Cartelle > Mirage F1

Mirage F1 --- Cartelle

tradotto da BabelFish

< Mirage 2000
Mirage III >

Mirage F1

Mirage F1 In base alle importanti vendite all'esportazione di cui è stato oggetto, sembra abbastanza difficile credere che Mirage F1 sia scelto dall'esercito dell'aria dopo molte esitazioni e che costituì alla fine un'iniziativa privata della ditta Dassault. Concepito per garantire il cambio del Mirage III e 5, Mirage F1 è, nonostante la sua denominazione, molto diverso dai suoi predecessori. Beneficiando di un'aerodinamica nuova e di un'elettronica aeronautica moderna, costituisce un apparecchio eccellente di combattimento che è stato provato varie volte in operazione dalle forze aeree irachene e marocchine come pure dalla South African aviazione militare. Utilizzate da numerosi paesi dal mondo, sette macchine polivalenti e potenti formano il rinforzo di molte aviazioni militari nel corso degli anni 60, mentre la produzione del Mirage III raggiungeva vertici, l'esercito dell'aria si applicava a definire una macchina di combattimento capace di prendere il seguito dell'aereo ad ala in delta di Dassault. Quest'ultimo si interessava all'epoca a due concetti futuristici: il decollo ed atterraggio verticali da un lato, ed il profilo a freccia variabile dell'altra. Orientandosi inizialmente verso l'aereo a decollo ed atterraggio verticali, i responsabili aerei francesi si interessarono successivamente ad un apparecchio alla geometria variabile; ma, confrontati a costi finanziari considerevoli ed ai termini inevitabili inerenti alla realizzazione di apparecchi complessi, durano rinunciare a questi due tipi di macchine. L'esercito dell'aria si trovava dunque senza successore del Mirage III degno di questo nome.

Mirage G (all'origine Mirage IIIG) alla geometria variabile doveva essere azionato da un reattore a doppio flusso SNECMA TF306 provato sul Mirage IIIT. Ma, a causa della sua configurazione in delta, che poneva problemi di maniabilité alle velocità basse, Dassault scelse un altro apparecchio, Mirage F.2 (alla partenza Mirage IIIF2), per studiare questo settore di volo. Formato di una fusoliera di Mirage G e di un profilo come pure di empennages convenzionali, Mirage F.2 avrebbe potuto, agli occhi dello stato maggiore aereo francese, costituire un buono aereo di transizione tra Mirage III e la generazione prevista di apparecchi di combattimento alla geometria variabile. Dassault che non condivideva questo punto di vista, considerava che una macchina di dimensioni inferiori avrebbe convenuto meglio all'esercito dell'aria ed ad eventuali clienti esterni.

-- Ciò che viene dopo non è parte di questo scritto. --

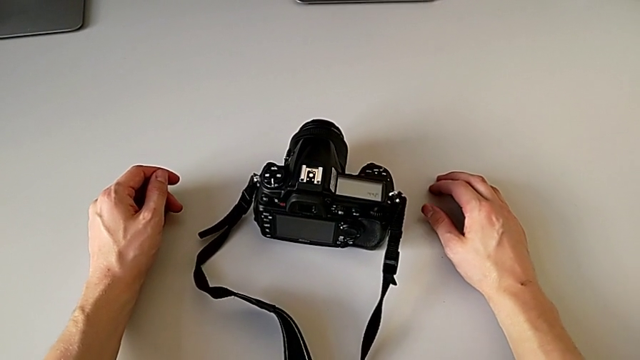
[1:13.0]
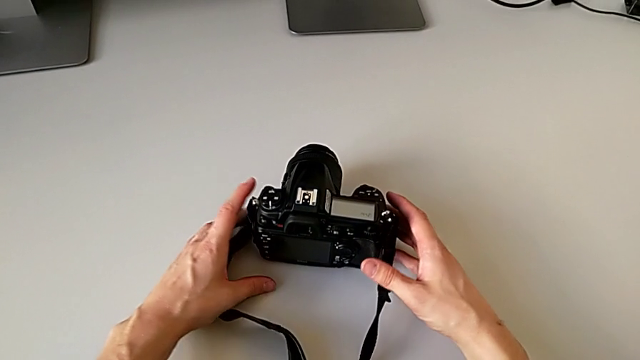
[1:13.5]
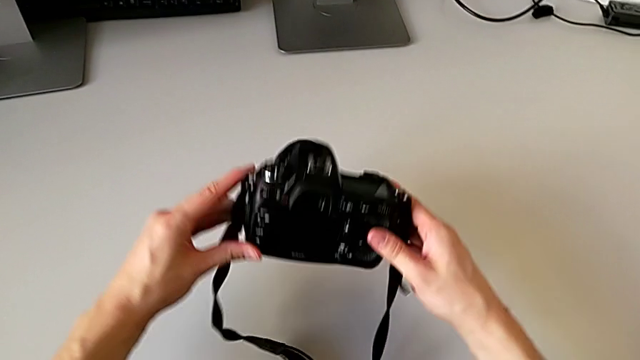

Sulla base dello studio del Mirage IIIE2, un apparecchio ad empennage orizzontale derivato dagli aerei ad ala in delta di prima generazione, il produttore francese intraprese di trasformare Mirage F.2 in un monoplace fornito di un reattore Atar più potente. Battezzato Mirage F1, il nuovo aereo effettuò il suo volo iniziale, sotto forma di prototipo, a Melun-Villaroche, il 23 dicembre 1966. meno di un mese più tardi, l'esercito dell'aria prevedé di fare ordine di un centinaio di copie di una versione d'intercettazione praticamente identica. Avendo accettato Mirage F1 nel maggio 1967, lo stato maggiore dell'esercito dell'aria chiese, nonostante la distruzione del primo aereo in un incidente alcuni giorni prima, la costruzione di tre altri prototipi.



Concezione più moderna

Mirage F1 Prodotto in molte versioni specializzate destinate all'intercettazione ed all'attacco, l'aereo comandato nel 1967 rappresentava la conclusione di diversi programmi di miglioramenti iniziati dalla realizzazione del primo Mirage ad ala in delta. Un profilo che risponde a questa tecnologia presente di numerosi vantaggi: il principale riguarda lo spessore relativo della sua fune (in media 4 %), ben adattata al volo ad alta velocità. Fra gli svantaggi che presenta questa formula appare una velocità ed uni tirato su troppo importanti all'atterraggio, dell'impossibilità nella quale si trova il pilota di volare in modo stabile sotto angoli d'attacco elevati, e corse di decollo e d'atterraggio relativamente lunghe.

Durante gli anni 60, i avionneurs erano capaci di costruire ad un prezzo ragionevole profili classici sottili che beneficiavano dello spessore relativo voluto e che potevano essere dotati di dispositivi di hypersustentation e di manovra ben adeguati alle evoluzioni alle grandi ed alle velocità basse. Altri miglioramenti esterni ed interni permisero di ridurre del 23% la corsa di decollo e del 20% la velocità d'approccio del Mirage F1, il cui peso lordo era tuttavia superiore di 2500 kg a quello del Mirage IIIE e la cui superficie alaire era meno importante di 10 m². La manovrabilità del nuovo aereo era più elevata dell'dell'80% rispetto al Mirage IIIE.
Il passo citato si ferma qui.